Like Dorothy and Circe, Headey loves her children — but while the offspring of her fictional characters often find themselves too close to explosive consequences, the real-life actress focuses on making sure her children, 13-year-old Wylie and 7- Keeps Year-old Teddy is out of touch with the toxic wasteland that is political territory. “I find it a circus of madness,” she says. It’s a dark road.” “I get into some issues and topics, but it’s not usually a political household. I talk to my kids about everything, because this world is crazy.”

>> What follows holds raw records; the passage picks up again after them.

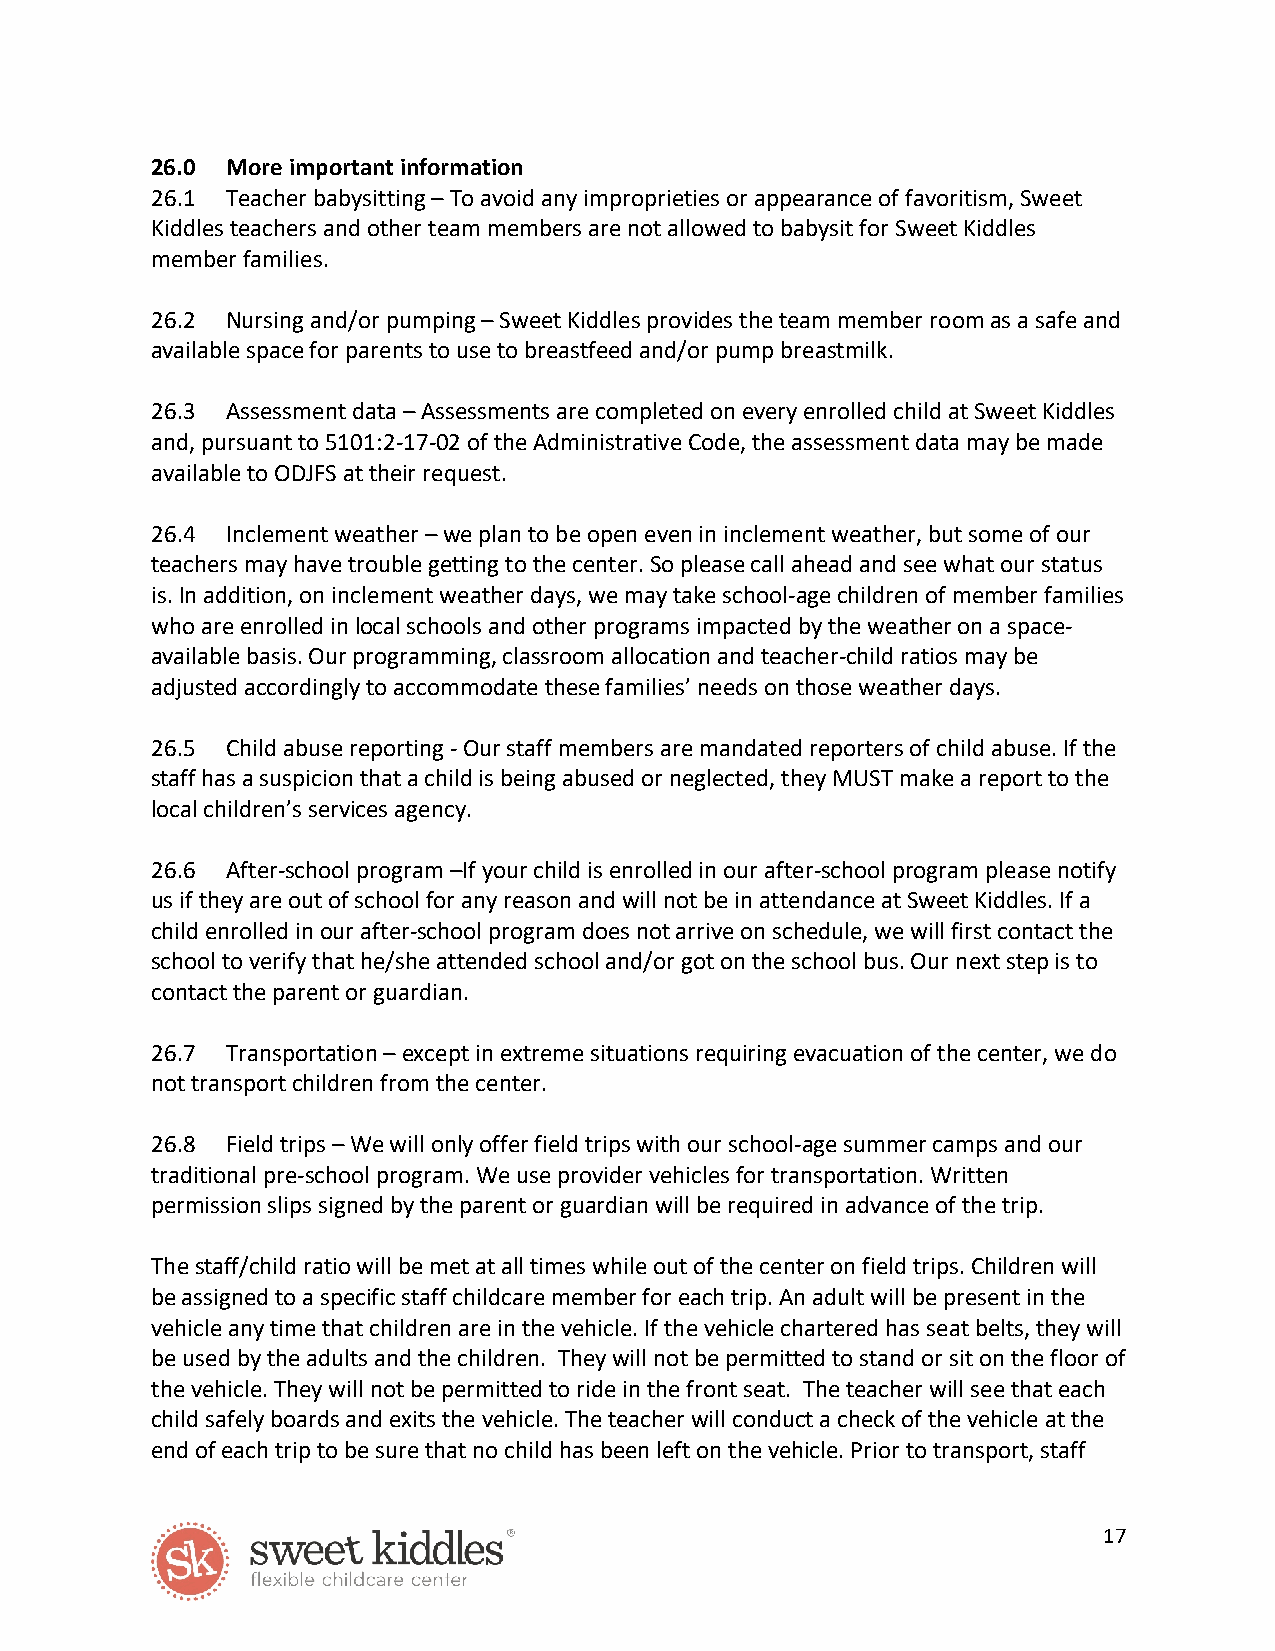
26.0 More important information
 26.1 Teacher babysitting – To avoid any improprieties or appearance of favoritism, Sweet
 Kiddles teachers and other team members are not allowed to babysit for Sweet Kiddles
 member families.
 26.2 Nursing and/or pumping – Sweet Kiddles provides the team member room as a safe and
 available space for parents to use to breastfeed and/or pump breastmilk.
 26.3 Assessment data – Assessments are completed on every enrolled child at Sweet Kiddles
 and, pursuant to 5101:2-17-02 of the Administrative Code, the assessment data may be made
 available to ODJFS at their request.
 26.4 Inclement weather – we plan to be open even in inclement weather, but some of our
 teachers may have trouble getting to the center. So please call ahead and see what our status
 is. In addition, on inclement weather days, we may take school-age children of member families
 who are enrolled in local schools and other programs impacted by the weather on a space-
 available basis. Our programming, classroom allocation and teacher-child ratios may be
 adjusted accordingly to accommodate these families’ needs on those weather days.
 26.5 Child abuse reporting - Our staff members are mandated reporters of child abuse. If the
 staff has a suspicion that a child is being abused or neglected, they MUST make a report to the
 local children’s services agency.
 26.6 After-school program –If your child is enrolled in our after-school program please notify
 us if they are out of school for any reason and will not be in attendance at Sweet Kiddles. If a
 child enrolled in our after-school program does not arrive on schedule, we will first contact the
 school to verify that he/she attended school and/or got on the school bus. Our next step is to
 contact the parent or guardian.
 26.7 Transportation – except in extreme situations requiring evacuation of the center, we do
 not transport children from the center.
 26.8 Field trips – We will only offer field trips with our school-age summer camps and our
 traditional pre-school program. We use provider vehicles for transportation. Written
 permission slips signed by the parent or guardian will be required in advance of the trip.
 The staff/child ratio will be met at all times while out of the center on field trips. Children will
 be assigned to a specific staff childcare member for each trip. An adult will be present in the
 vehicle any time that children are in the vehicle. If the vehicle chartered has seat belts, they will
 be used by the adults and the children. They will not be permitted to stand or sit on the floor of
 the vehicle. They will not be permitted to ride in the front seat. The teacher will see that each
 child safely boards and exits the vehicle. The teacher will conduct a check of the vehicle at the
 end of each trip to be sure that no child has been left on the vehicle. Prior to transport, staff
 17
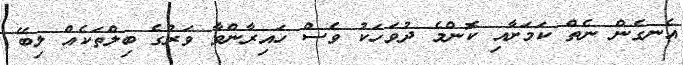
އެނގެން ނެތް ކަމަށާއި ކޮންމެ ދުވަހަކު ވެސް ހައިރާންވާ ވަރުގެ ބިލްތަކެއް ލިބޭ
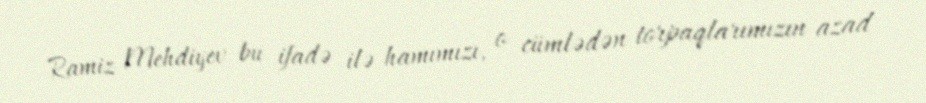
Ramiz Mehdiyev bu ifadə ilə hamımızı, o cümlədən torpaqlarımızın azad
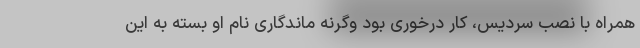
همراه با نصب سردیس، کار درخوری بود وگرنه ماندگاری نام او بسته به این
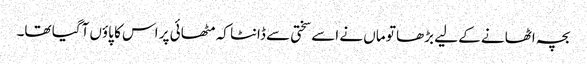
بچہ اٹھانے کے لیے بڑھا تو ماں نے اسے سختی سے ڈانٹا کہ مٹھائی پر اس کا پاؤں آگیا تھا۔
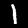
Digit: 1
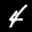
Label: 4
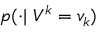
p ( \cdot \vert ~ V ^ { k } = v _ { k } )
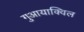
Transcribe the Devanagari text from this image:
गुआयाक्विल
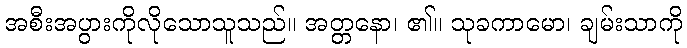
အစီးအပွားကိုလိုသောသူသည်။ အတ္တနော၊ ၏။ သုခကာမော၊ ချမ်းသာကို
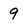
Character: q
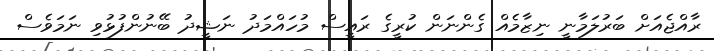
ރާއްޖެއަށް ބަރުލަމާނީ ނިޒާމެއް ގެންނަން ކުރީގެ ރައީސް މުހައްމަދު ނަޝީދު ބޭނުންފުޅުވި ނަމަވެސް
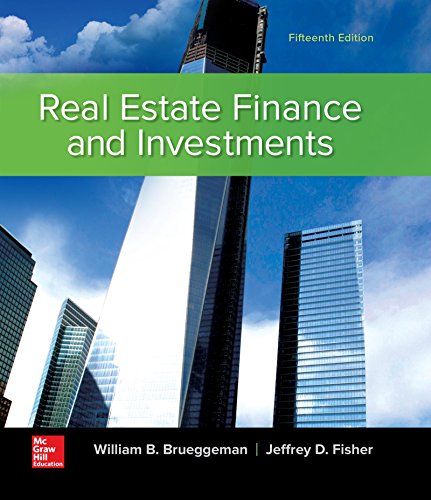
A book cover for Real Estate Finance & Investments; William Brueggeman; Business & Money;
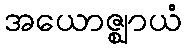
အယောဇ္ဈာယံ
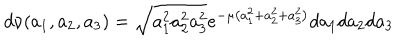
d \nu ( a _ { 1 } , a _ { 2 } , a _ { 3 } ) = \sqrt { a _ { 1 } ^ { 2 } a _ { 2 } ^ { 2 } a _ { 3 } ^ { 2 } } e ^ { - \mu \left( a _ { 1 } ^ { 2 } + a _ { 2 } ^ { 2 } + a _ { 3 } ^ { 2 } \right) } d a _ { 1 } d a _ { 2 } d a _ { 3 }

She explains that it is difficult for a person of any age to live in a world where political motivation is often rooted in greed. “It’s painful, right? It’s chest pain,” she says. “It hurts your head when you wake up and you’re like – it’s just another day in the face of greed and stupidity, and we must toe the line and hold true.”
Yet, despite her doubts and fears, she isn’t going to stop fighting for a better world anytime soon. “You have to advocate. You have to raise your voice,” she says. “I think that’s probably what I teach my kids, hopefully more than anything. You have to be on the good side.”
‘White House Plumber’ is now streaming on HBO Max.